** Records for the exercise follows **
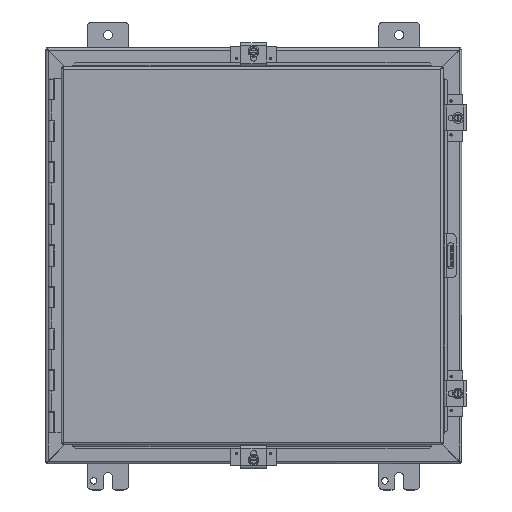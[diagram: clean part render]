
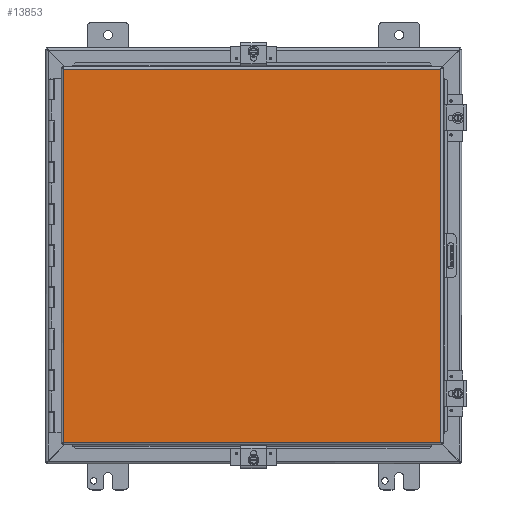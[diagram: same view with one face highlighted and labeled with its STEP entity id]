
A CAD part, top view. The second image highlights one B-rep face of the part: STEP entity #13853.
In plain terms, the highlighted face is planar.
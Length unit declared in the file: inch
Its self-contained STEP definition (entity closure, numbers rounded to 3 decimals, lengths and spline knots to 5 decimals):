
#1685=LINE('',#23139,#2910);
#1691=LINE('',#23260,#2916);
#1701=LINE('',#23413,#2926);
#1704=LINE('',#23446,#2929);
#2910=VECTOR('',#18013,0.3937);
#2916=VECTOR('',#18027,0.3937);
#2926=VECTOR('',#18049,0.3937);
#2929=VECTOR('',#18058,0.3937);
#3961=PLANE('',#15224);
#4627=FACE_OUTER_BOUND('',#5470,.T.);
#5470=EDGE_LOOP('',(#11708,#11709,#11710,#11711));
#7023=VERTEX_POINT('',#23130);
#7024=VERTEX_POINT('',#23138);
#7027=VERTEX_POINT('',#23208);
#7028=VERTEX_POINT('',#23252);
#8645=EDGE_CURVE('',#7024,#7023,#1685,.T.);
#8658=EDGE_CURVE('',#7027,#7028,#1691,.T.);
#8675=EDGE_CURVE('',#7023,#7027,#1701,.T.);
#8679=EDGE_CURVE('',#7028,#7024,#1704,.T.);
#11708=ORIENTED_EDGE('',*,*,#8675,.T.);
#11709=ORIENTED_EDGE('',*,*,#8658,.T.);
#11710=ORIENTED_EDGE('',*,*,#8679,.T.);
#11711=ORIENTED_EDGE('',*,*,#8645,.T.);
#13853=ADVANCED_FACE('',(#4627),#3961,.F.);
#15224=AXIS2_PLACEMENT_3D('',#23526,#18072,#18073);
#18013=DIRECTION('',(-1.,0.,0.));
#18027=DIRECTION('',(1.,0.,0.));
#18049=DIRECTION('',(0.,1.,0.));
#18058=DIRECTION('',(0.,-1.,0.));
#18072=DIRECTION('center_axis',(0.,0.,1.));
#18073=DIRECTION('ref_axis',(1.,0.,0.));
#23130=CARTESIAN_POINT('',(-9.066,-8.97225,0.));
#23138=CARTESIAN_POINT('',(9.066,-8.97225,0.));
#23139=CARTESIAN_POINT('',(4.533,-8.97225,0.));
#23208=CARTESIAN_POINT('',(-9.066,8.97225,0.));
#23252=CARTESIAN_POINT('',(9.066,8.97225,0.));
#23260=CARTESIAN_POINT('',(-4.59375,8.97225,0.));
#23413=CARTESIAN_POINT('',(-9.066,-4.48613,0.));
#23446=CARTESIAN_POINT('',(9.066,4.48613,0.));
#23526=CARTESIAN_POINT('Origin',(0.,0.,
0.));
** End of Records for the exercise **
Exercise brief
The entries are to be transcribed word for word, without their images.

Expected answer
[diagram: clean part render]
[diagram: same view with one face highlighted and labeled with its STEP entity id]
A CAD part, top view. The second image highlights one B-rep face of the part: STEP entity #13853.
In plain terms, the highlighted face is planar.
Length unit declared in the file: inch
Its self-contained STEP definition (entity closure, numbers rounded to 3 decimals, lengths and spline knots to 5 decimals):
#1685=LINE('',#23139,#2910);
#1691=LINE('',#23260,#2916);
#1701=LINE('',#23413,#2926);
#1704=LINE('',#23446,#2929);
#2910=VECTOR('',#18013,0.3937);
#2916=VECTOR('',#18027,0.3937);
#2926=VECTOR('',#18049,0.3937);
#2929=VECTOR('',#18058,0.3937);
#3961=PLANE('',#15224);
#4627=FACE_OUTER_BOUND('',#5470,.T.);
#5470=EDGE_LOOP('',(#11708,#11709,#11710,#11711));
#7023=VERTEX_POINT('',#23130);
#7024=VERTEX_POINT('',#23138);
#7027=VERTEX_POINT('',#23208);
#7028=VERTEX_POINT('',#23252);
#8645=EDGE_CURVE('',#7024,#7023,#1685,.T.);
#8658=EDGE_CURVE('',#7027,#7028,#1691,.T.);
#8675=EDGE_CURVE('',#7023,#7027,#1701,.T.);
#8679=EDGE_CURVE('',#7028,#7024,#1704,.T.);
#11708=ORIENTED_EDGE('',*,*,#8675,.T.);
#11709=ORIENTED_EDGE('',*,*,#8658,.T.);
#11710=ORIENTED_EDGE('',*,*,#8679,.T.);
#11711=ORIENTED_EDGE('',*,*,#8645,.T.);
#13853=ADVANCED_FACE('',(#4627),#3961,.F.);
#15224=AXIS2_PLACEMENT_3D('',#23526,#18072,#18073);
#18013=DIRECTION('',(-1.,0.,0.));
#18027=DIRECTION('',(1.,0.,0.));
#18049=DIRECTION('',(0.,1.,0.));
#18058=DIRECTION('',(0.,-1.,0.));
#18072=DIRECTION('center_axis',(0.,0.,1.));
#18073=DIRECTION('ref_axis',(1.,0.,0.));
#23130=CARTESIAN_POINT('',(-9.066,-8.97225,0.));
#23138=CARTESIAN_POINT('',(9.066,-8.97225,0.));
#23139=CARTESIAN_POINT('',(4.533,-8.97225,0.));
#23208=CARTESIAN_POINT('',(-9.066,8.97225,0.));
#23252=CARTESIAN_POINT('',(9.066,8.97225,0.));
#23260=CARTESIAN_POINT('',(-4.59375,8.97225,0.));
#23413=CARTESIAN_POINT('',(-9.066,-4.48613,0.));
#23446=CARTESIAN_POINT('',(9.066,4.48613,0.));
#23526=CARTESIAN_POINT('Origin',(0.,0.,
0.));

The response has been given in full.